## Data to use
===

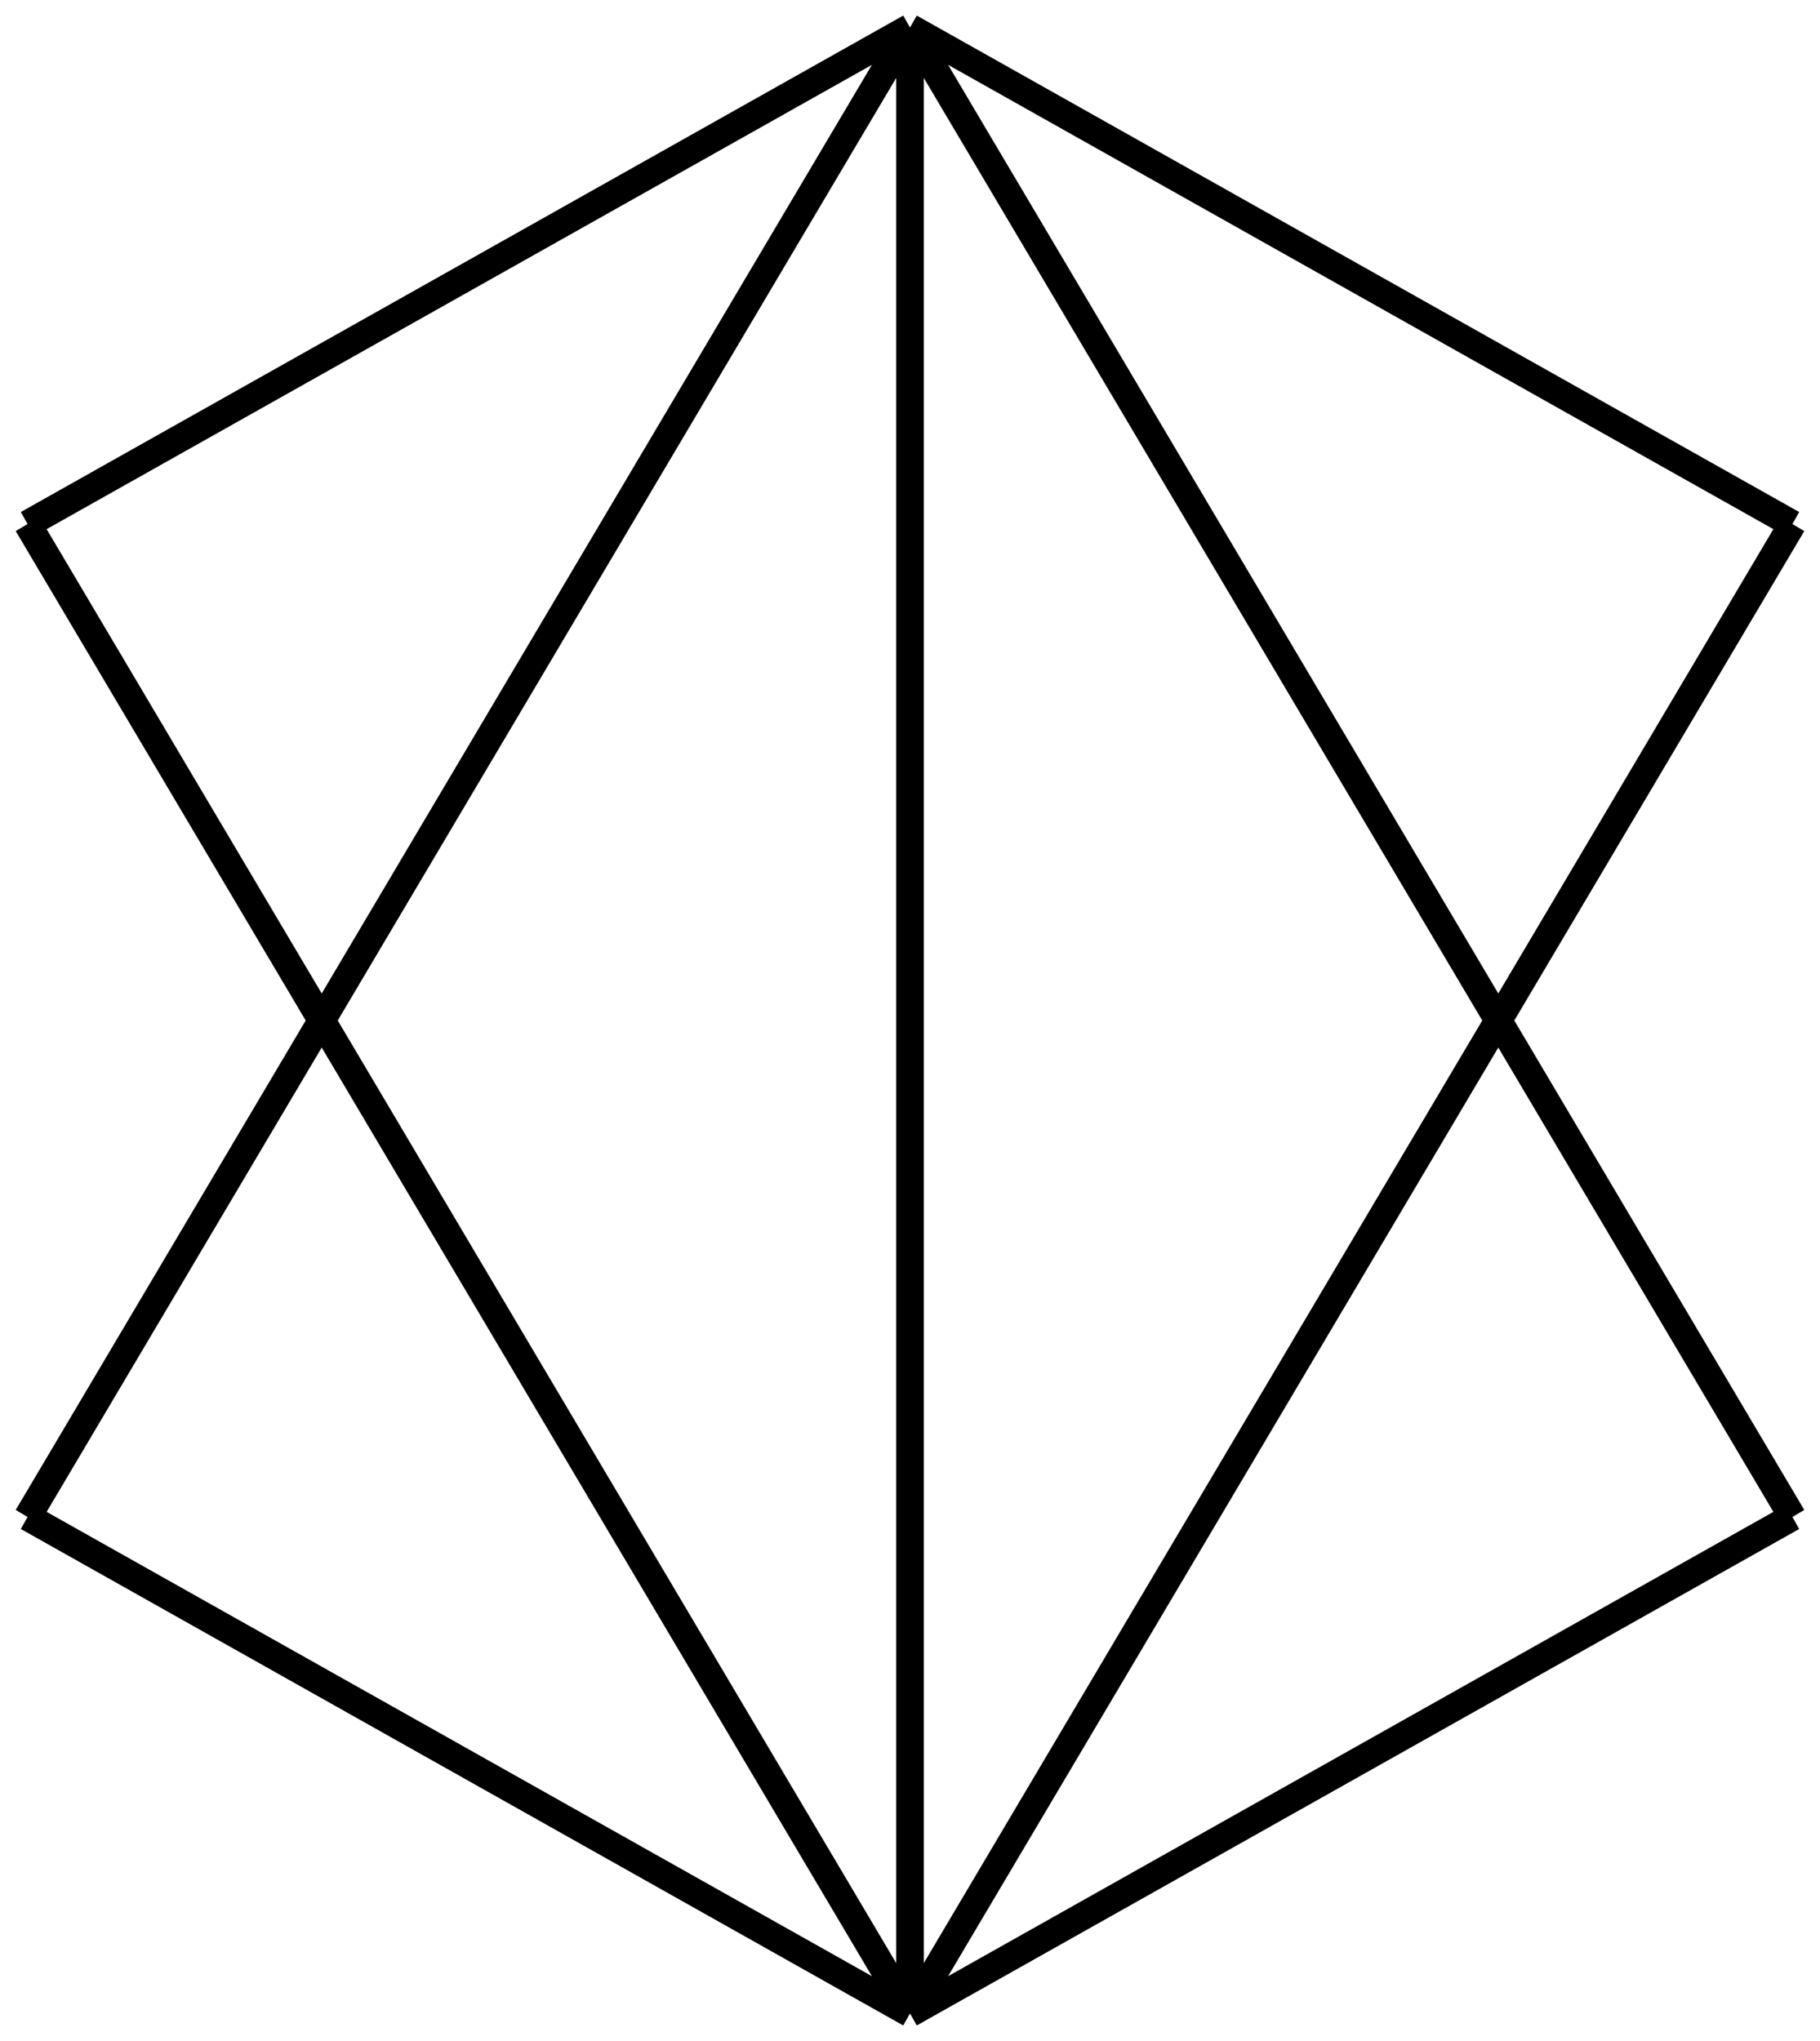 <svg width="66" height="74" viewBox="0 0 66 74" fill="none" xmlns="http://www.w3.org/2000/svg">
<path d="M65 55L33 73" stroke="black" stroke-miterlimit="10"/>
<path d="M65 19L33 73" stroke="black" stroke-miterlimit="10"/>
<path d="M33 1V73" stroke="black" stroke-miterlimit="10"/>
<path d="M1 19L33 73" stroke="black" stroke-miterlimit="10"/>
<path d="M1 55L33 73" stroke="black" stroke-miterlimit="10"/>
<path d="M65 19L33 1" stroke="black" stroke-miterlimit="10"/>
<path d="M65 55L33 1" stroke="black" stroke-miterlimit="10"/>
<path d="M33 73V1" stroke="black" stroke-miterlimit="10"/>
<path d="M1 55L33 1" stroke="black" stroke-miterlimit="10"/>
<path d="M1 19L33 1" stroke="black" stroke-miterlimit="10"/>
</svg>

===

## What the task asks
Copy each line of the data that contains the word "black", leaving the other lines out.

## Problem solution
<path d="M65 55L33 73" stroke="black" stroke-miterlimit="10"/>
<path d="M65 19L33 73" stroke="black" stroke-miterlimit="10"/>
<path d="M33 1V73" stroke="black" stroke-miterlimit="10"/>
<path d="M1 19L33 73" stroke="black" stroke-miterlimit="10"/>
<path d="M1 55L33 73" stroke="black" stroke-miterlimit="10"/>
<path d="M65 19L33 1" stroke="black" stroke-miterlimit="10"/>
<path d="M65 55L33 1" stroke="black" stroke-miterlimit="10"/>
<path d="M33 73V1" stroke="black" stroke-miterlimit="10"/>
<path d="M1 55L33 1" stroke="black" stroke-miterlimit="10"/>
<path d="M1 19L33 1" stroke="black" stroke-miterlimit="10"/>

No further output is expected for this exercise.